How would you describe Lithuanians? Did you adapt to their lifestyle and traditions quickly?
I would describe Lithuanians as resilient, fierce, hopeful, and incredibly kind to their friends. I have yet to come across a challenge they have not been able to tackle. I think I did adapt to the Lithuanian lifestyle rather quickly, though there were a few social norms that took a little while for me to adapt to. I really enjoyed the cultural immersion.
One tradition that really made an impression on me was the All Saint’s Day. I remember the first time I saw the candles lining Laisves Aleja and the somber, quiet atmosphere as people walked down the path. I had never been a part of something quite like that.
What are you going to do in the future? Is Lithuania included in your plans?
Ideally, I would like to be involved in the counseling field. I would like to be a therapist helping individuals process their personal struggles. I would love to continue to work within the field of trafficking, but I’m also excited about the potential for exploring new populations I haven’t worked with yet. Truthfully, I haven’t quite figured out exactly what my future is going to be yet! I would love to return to Kaunas one day. Living in Lithuania was a life changing event. It will always feel like a second home to me, and it will always have a place close to my heart.

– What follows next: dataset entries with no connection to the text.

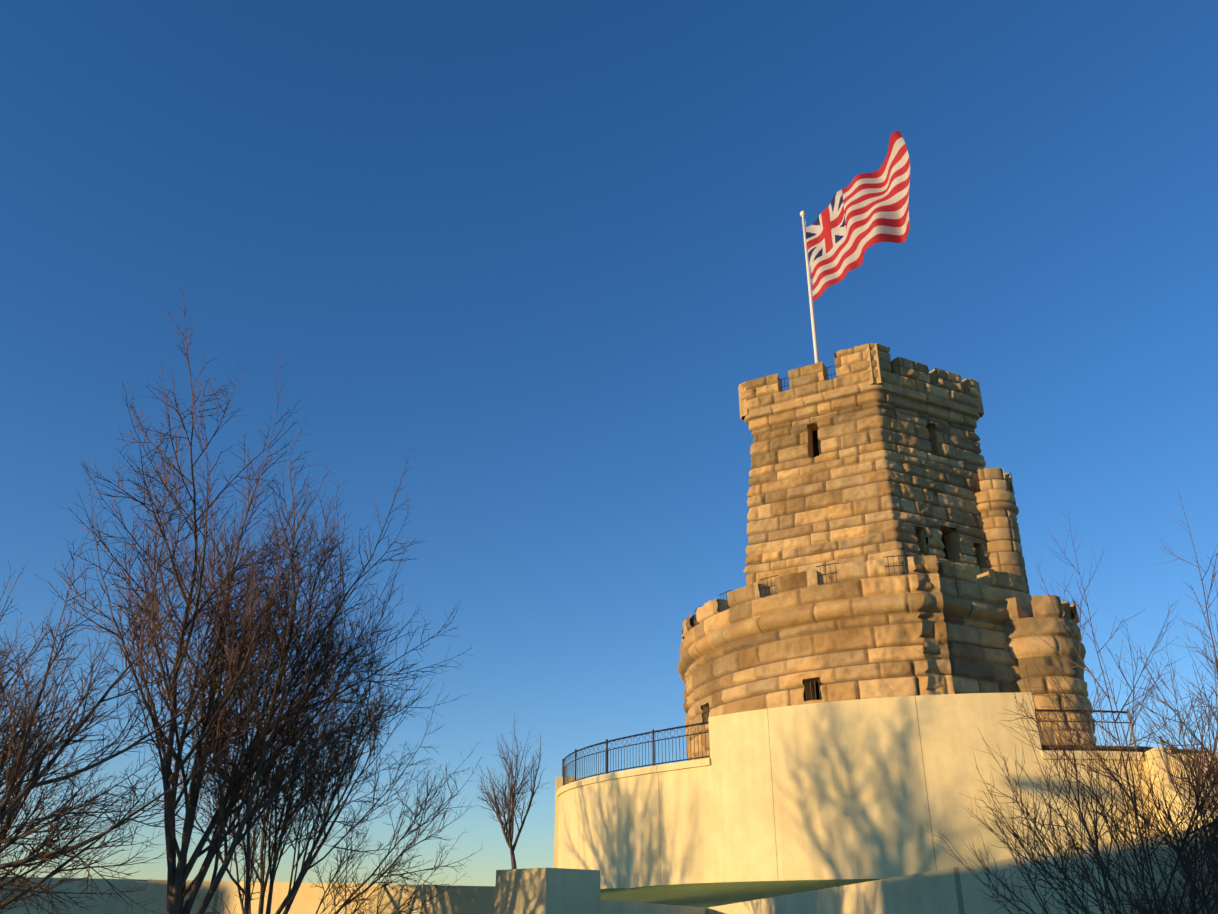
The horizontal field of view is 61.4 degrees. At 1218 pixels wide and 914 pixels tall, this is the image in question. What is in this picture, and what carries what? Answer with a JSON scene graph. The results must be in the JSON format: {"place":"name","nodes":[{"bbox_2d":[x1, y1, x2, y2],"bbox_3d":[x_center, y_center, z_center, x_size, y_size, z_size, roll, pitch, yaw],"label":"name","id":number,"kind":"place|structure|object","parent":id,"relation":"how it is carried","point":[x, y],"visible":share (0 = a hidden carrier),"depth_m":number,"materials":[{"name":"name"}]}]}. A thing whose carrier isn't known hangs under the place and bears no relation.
{"place":"outdoors","nodes":[
{"label":"outdoors","id":0,"kind":"place"},
{"bbox_2d":[475,719,551,868],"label":"bare tree","id":1,"kind":"object","parent":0,"point":[508,801],"visible":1,"depth_m":58.59,"materials":[{"name":"brown plant"}]},
{"bbox_2d":[0,0,1217,885],"label":"sky","id":2,"kind":"structure","parent":0,"point":[541,253],"materials":[{"name":"blue"}]},
{"bbox_2d":[600,879,880,907],"bbox_3d":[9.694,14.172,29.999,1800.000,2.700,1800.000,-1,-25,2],"label":"ground sheet","id":3,"kind":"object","parent":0,"point":[706,895],"visible":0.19,"depth_m":21.49,"materials":[{"name":"green grass"}]},
{"bbox_2d":[0,517,292,913],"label":"tree limbs","id":4,"kind":"object","parent":3,"relation":"on","point":[10,778],"visible":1,"depth_m":8.86,"materials":[{"name":"brown plant"}]},
{"bbox_2d":[35,274,471,913],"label":"bare tree","id":5,"kind":"object","parent":3,"relation":"on","point":[231,662],"visible":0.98,"depth_m":10.25,"materials":[{"name":"brown plant"}]},
{"bbox_2d":[128,590,486,913],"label":"bare tree","id":6,"kind":"object","parent":3,"relation":"on","point":[289,816],"visible":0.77,"depth_m":10.33,"materials":[{"name":"brown plant"}]},
{"bbox_2d":[0,692,1217,913],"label":"concrete walls","id":7,"kind":"structure","parent":3,"relation":"on","point":[876,788],"depth_m":22.70,"materials":[{"name":"beige concrete"}]},
{"bbox_2d":[678,555,954,760],"bbox_3d":[4.580,7.086,30.738,3.701,5.310,12.649,11,-27,-22],"label":"drum","id":8,"kind":"object","parent":7,"relation":"on","point":[844,640],"visible":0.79,"depth_m":27.81,"materials":[{"name":"stone"}]},
{"bbox_2d":[694,362,930,717],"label":"tower grilles","id":9,"kind":"object","parent":8,"relation":"in","point":[899,565],"visible":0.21,"depth_m":28.37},
{"bbox_2d":[741,343,990,700],"bbox_3d":[9.071,3.733,34.394,5.211,14.445,9.056,-38,-44,54],"label":"tower shaft","id":10,"kind":"object","parent":7,"relation":"on","point":[875,479],"visible":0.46,"depth_m":34.52,"materials":[{"name":"stone"}]},
{"bbox_2d":[703,422,986,724],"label":"window openings","id":11,"kind":"object","parent":10,"relation":"in","point":[951,543],"visible":0.27,"depth_m":33.72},
{"bbox_2d":[812,430,947,699],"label":"tower openings","id":12,"kind":"object","parent":10,"relation":"in","point":[815,445],"visible":0.09,"depth_m":35.45,"materials":[{"name":"black"}]},
{"bbox_2d":[973,468,1031,598],"bbox_3d":[13.102,3.709,34.288,1.759,6.600,1.754,-1,-25,2],"label":"stair turret","id":13,"kind":"object","parent":10,"relation":"attached to","point":[996,507],"visible":0.33,"depth_m":34.27,"materials":[{"name":"stone"}]},
{"bbox_2d":[689,343,1072,626],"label":"battlements","id":14,"kind":"object","parent":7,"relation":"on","point":[985,578],"visible":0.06,"depth_m":34.76,"materials":[{"name":"brown stone"}]},
{"bbox_2d":[800,211,819,362],"bbox_3d":[7.734,-5.667,39.069,0.230,9.130,0.230,-1,-25,2],"label":"flagpole","id":15,"kind":"object","parent":14,"relation":"on","point":[813,319],"visible":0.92,"depth_m":39.22,"materials":[{"name":"white metal"}]},
{"bbox_2d":[806,131,909,300],"bbox_3d":[9.576,-9.090,39.064,4.505,5.755,1.113,-17,-30,33],"label":"flag","id":16,"kind":"object","parent":15,"relation":"attached to","point":[859,215],"visible":1,"depth_m":38.92,"materials":[{"name":"fabric"}]},
{"bbox_2d":[562,708,1217,812],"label":"terrace railings","id":17,"kind":"object","parent":7,"relation":"on","point":[564,768],"visible":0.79,"depth_m":26.51,"materials":[{"name":"black metal"}]},
{"bbox_2d":[913,554,1032,694],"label":"wall","id":18,"kind":"structure","parent":7,"relation":"on","point":[975,614],"depth_m":27.27,"materials":[{"name":"stone"}]},
{"bbox_2d":[1000,595,1096,744],"bbox_3d":[11.755,6.234,27.837,2.507,4.455,2.481,-1,-25,2],"label":"turret","id":19,"kind":"object","parent":7,"relation":"on","point":[1044,624],"visible":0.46,"depth_m":27.15,"materials":[{"name":"stone"}]},
{"bbox_2d":[921,487,1217,913],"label":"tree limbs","id":20,"kind":"object","parent":3,"relation":"on","point":[1210,843],"visible":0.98,"depth_m":6.62,"materials":[{"name":"brown plant"}]},
{"bbox_2d":[1163,584,1217,817],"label":"tree limbs","id":21,"kind":"object","parent":3,"relation":"on","point":[1205,644],"visible":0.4,"depth_m":8.88,"materials":[{"name":"brown plant"}]}
]}

Overall, studying in a completely different culture than my own has broadened my understanding of social problems and their potential solutions. I now bring a very unique perspective to my employers, which makes me stand out. I can understand a much wider base of individuals on a more personal level because I’ve been in situations where I was studying and living with people from 20 other different cultures. I’ve learned and grown with individuals from these other cultures and my world view will be forever changed because of it.
How would you describe VMU? Is this university friendly enough to foreign students?
I loved every minute of my time at VMU. Everyone I interacted with at the university was so nice, and worked hard to make sure I was getting what I needed out of my studies. From my experiences I can confidently say they are friendly to foreign students. My professors, the Social Work program staff, and the International Office staff made me feel like I belonged at this university. I was the only foreigner in my particular degree program, but I never felt isolated. I made some really great relationships at VMU. I’m really glad I decided to study there.
The International Office provided me with a vast amount of information about what to expect when arriving in Lithuania. They helped me apply for the appropriate visas and residence permits I needed. They hosted many events to make it easy to get to know the other incoming students. The Social Work Department worked hard to provide materials to me in English to make sure I would be able to successfully navigate my classes. Anytime I had questions about the city, classes, transportation, or just about anything else, there was always someone willing to help me out.